▶ **PROBLEM STATEMENT**: When you reach the line that contains "Q: How is the" in the data below, start reproducing lines exactly, and stop after the line that contains "Q: Is the spacing between lines".

▶ **SUPPLIED DATA**:
--------

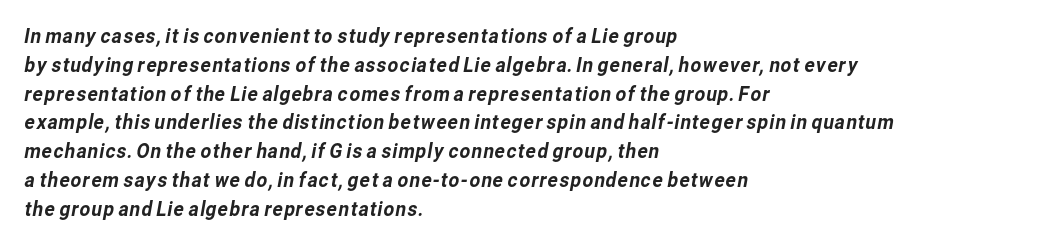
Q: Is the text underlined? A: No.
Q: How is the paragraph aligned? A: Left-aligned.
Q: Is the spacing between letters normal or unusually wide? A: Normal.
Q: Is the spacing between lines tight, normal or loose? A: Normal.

--------

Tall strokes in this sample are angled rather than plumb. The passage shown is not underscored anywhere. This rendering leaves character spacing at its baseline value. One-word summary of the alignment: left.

--------

▶ **YOUR SOLUTION**:
Q: How is the paragraph aligned? A: Left-aligned.
Q: Is the spacing between letters normal or unusually wide? A: Normal.
Q: Is the spacing between lines tight, normal or loose? A: Normal.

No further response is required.